● **Task brief**
Restate exactly, and only, the lines from the one with "a dus în multe" through the end of the data, with both of those end lines kept. Drop any pictures.

● **Data**
* * * * * * *
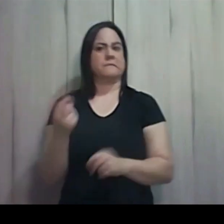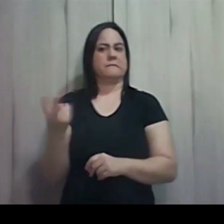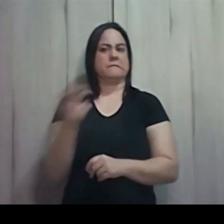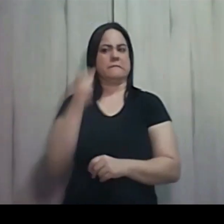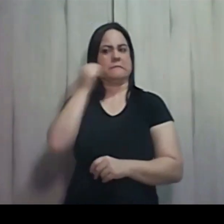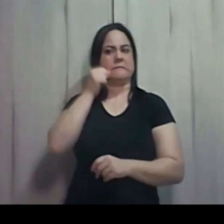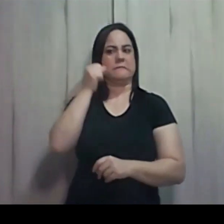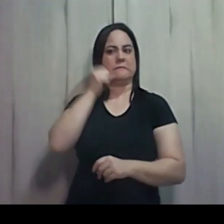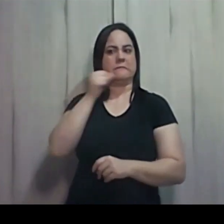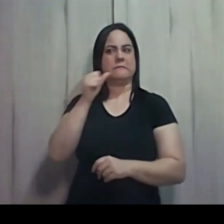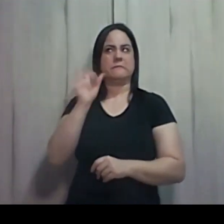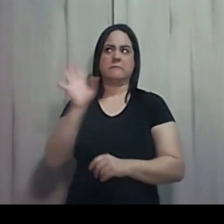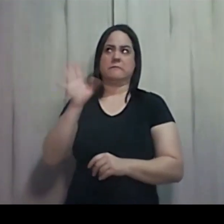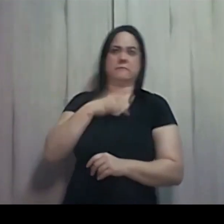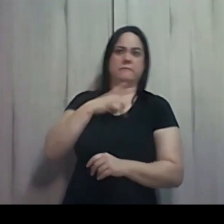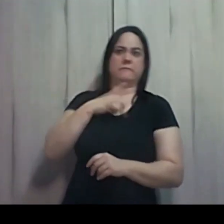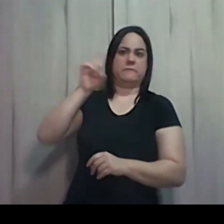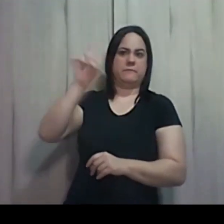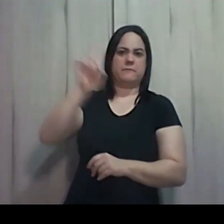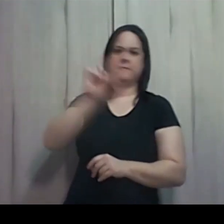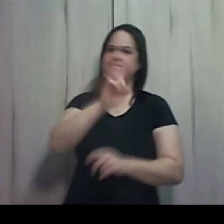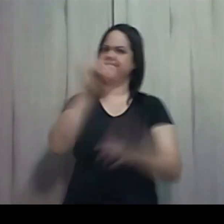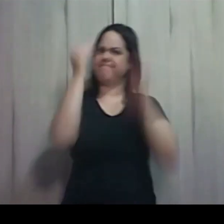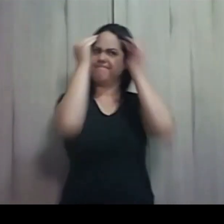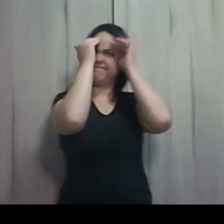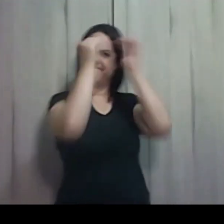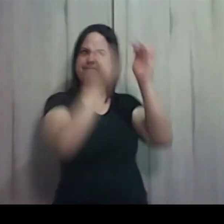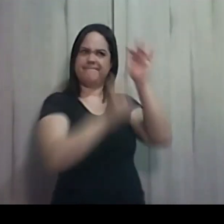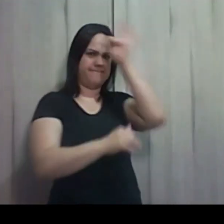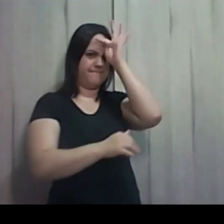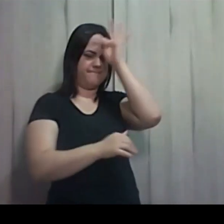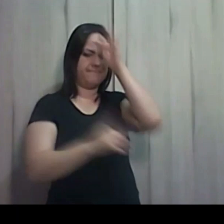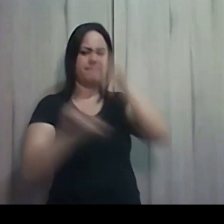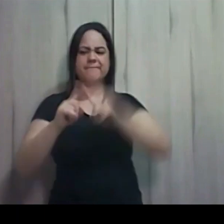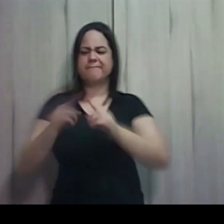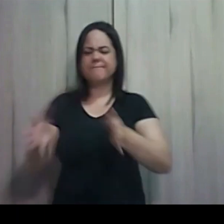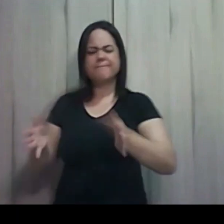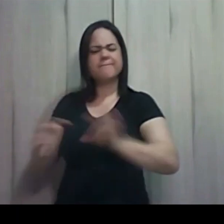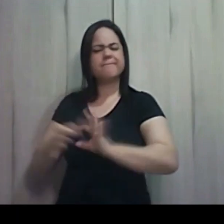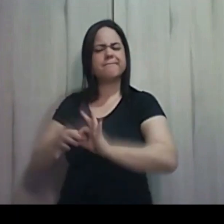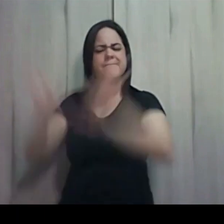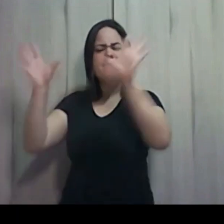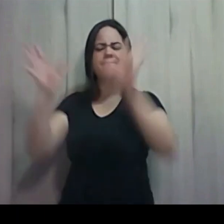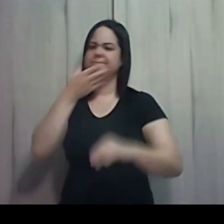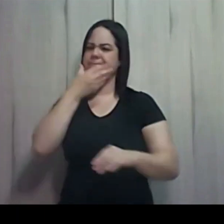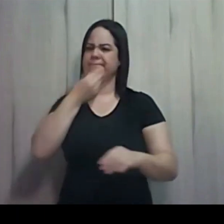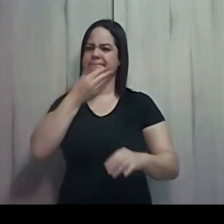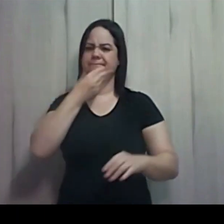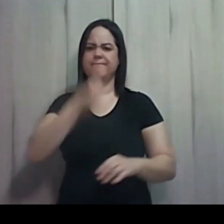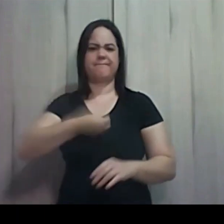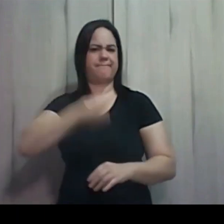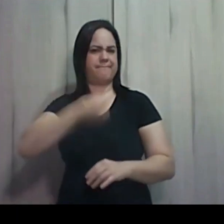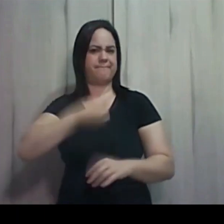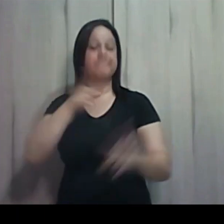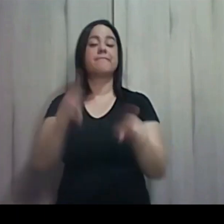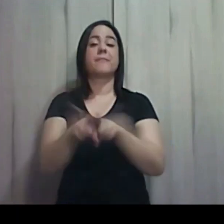fizeram como ordenou o faraó. Antes deixaram os meninos viver. E o faraó as chamou e
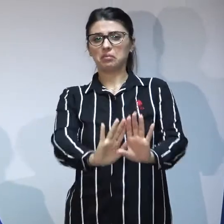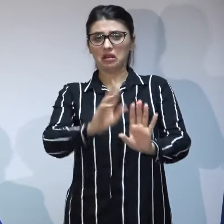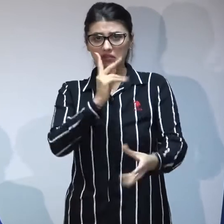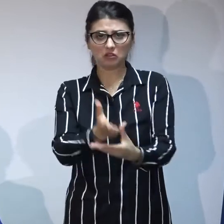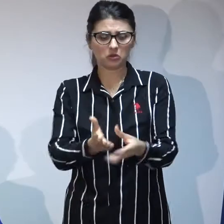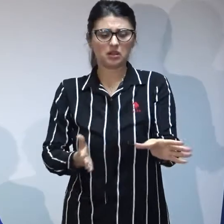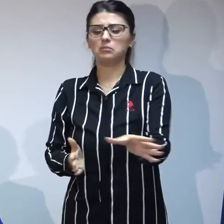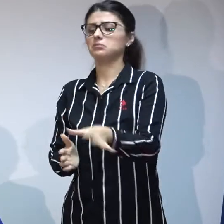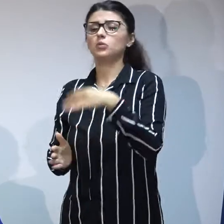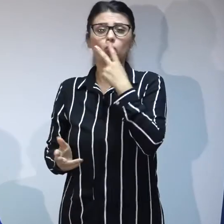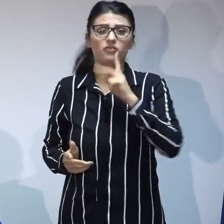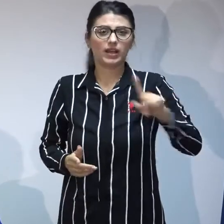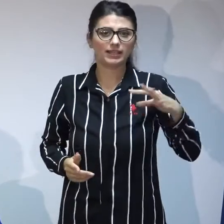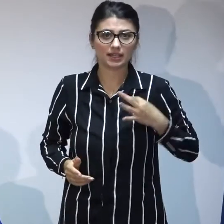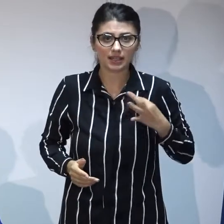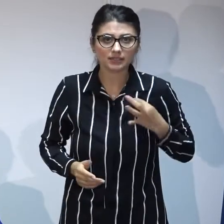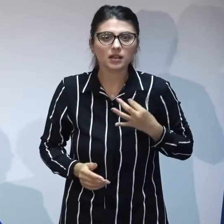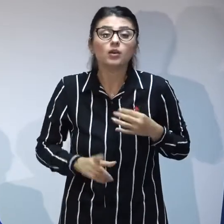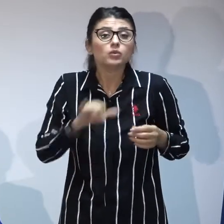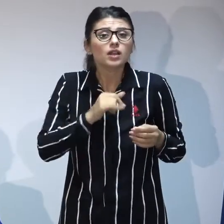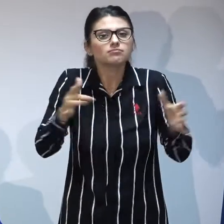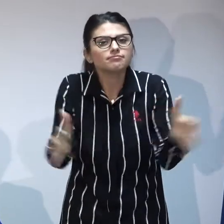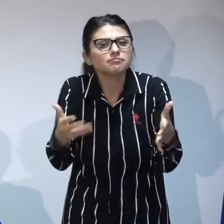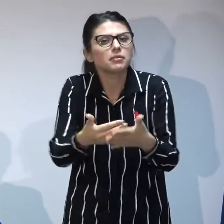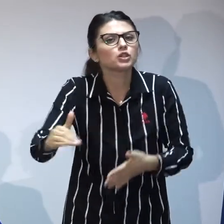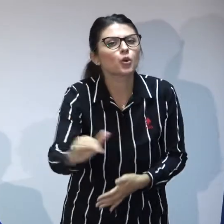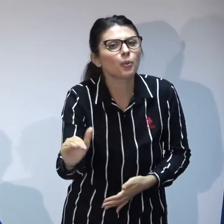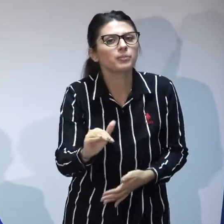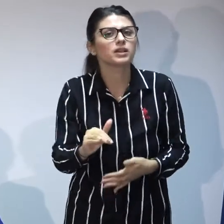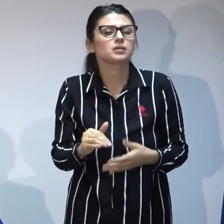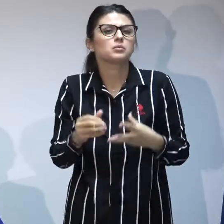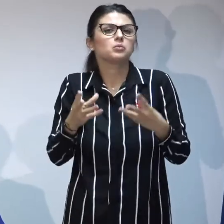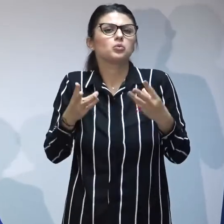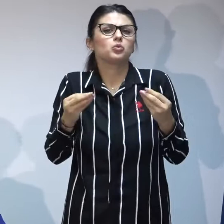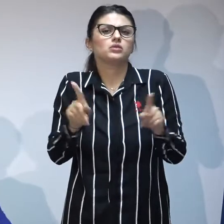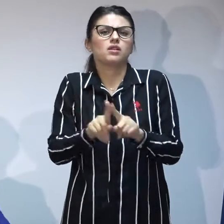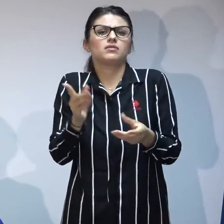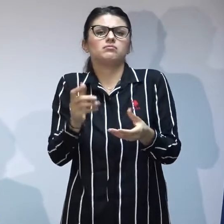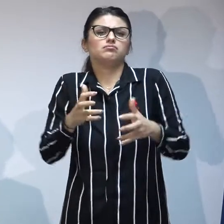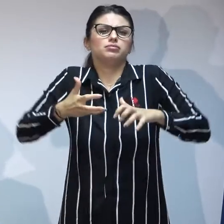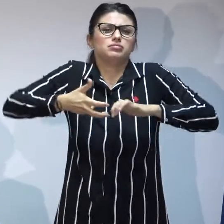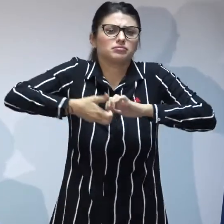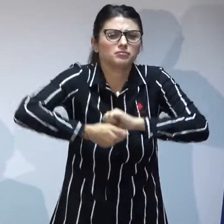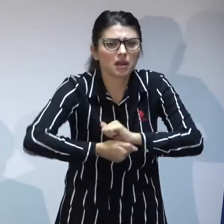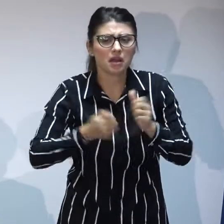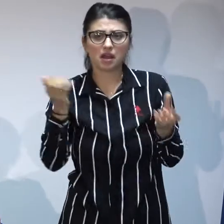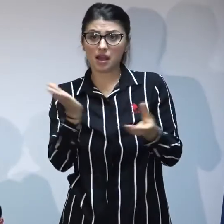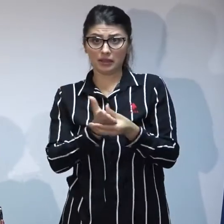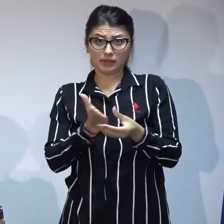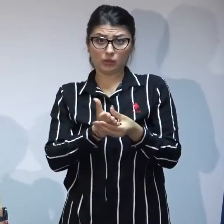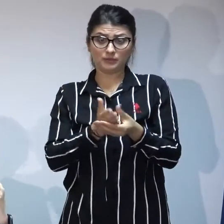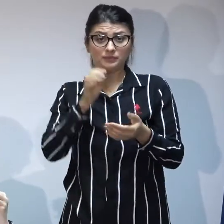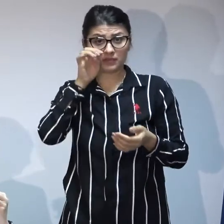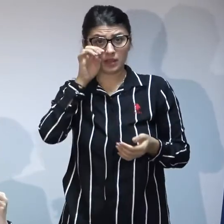a dus în multe cazuri la suprabirocratizarea procedurilor inclusiv în ceea ce ce
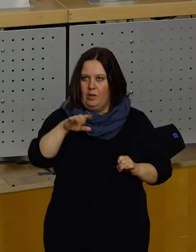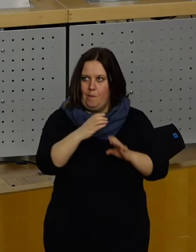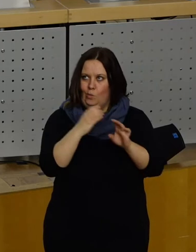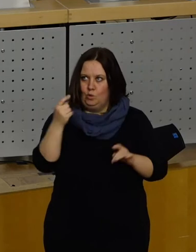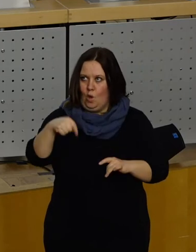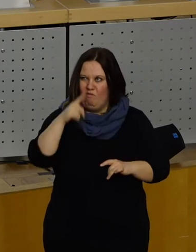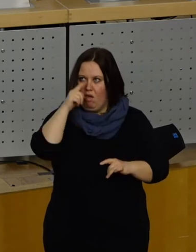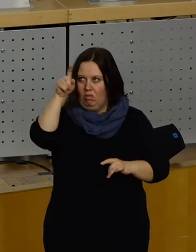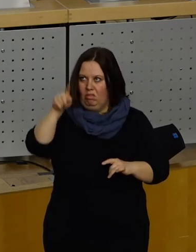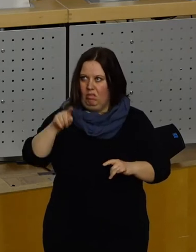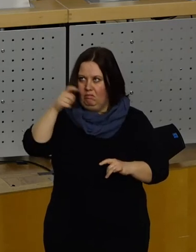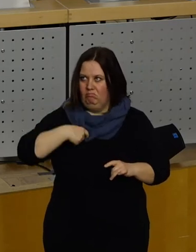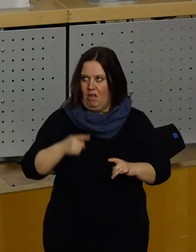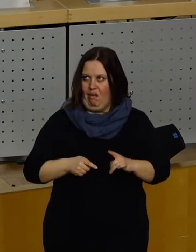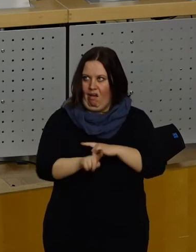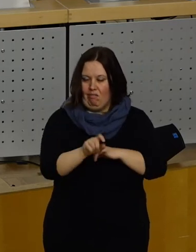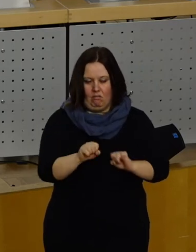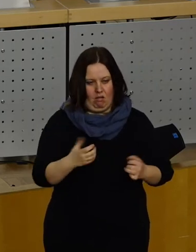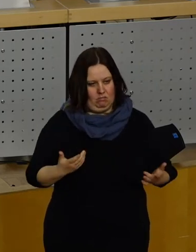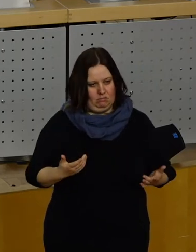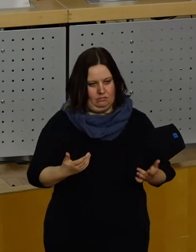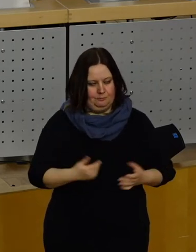schnell umgesetzt werden kann.
* * * * * * *
● **Exercise solution**
a dus în multe cazuri la suprabirocratizarea procedurilor inclusiv în ceea ce ce
schnell umgesetzt werden kann.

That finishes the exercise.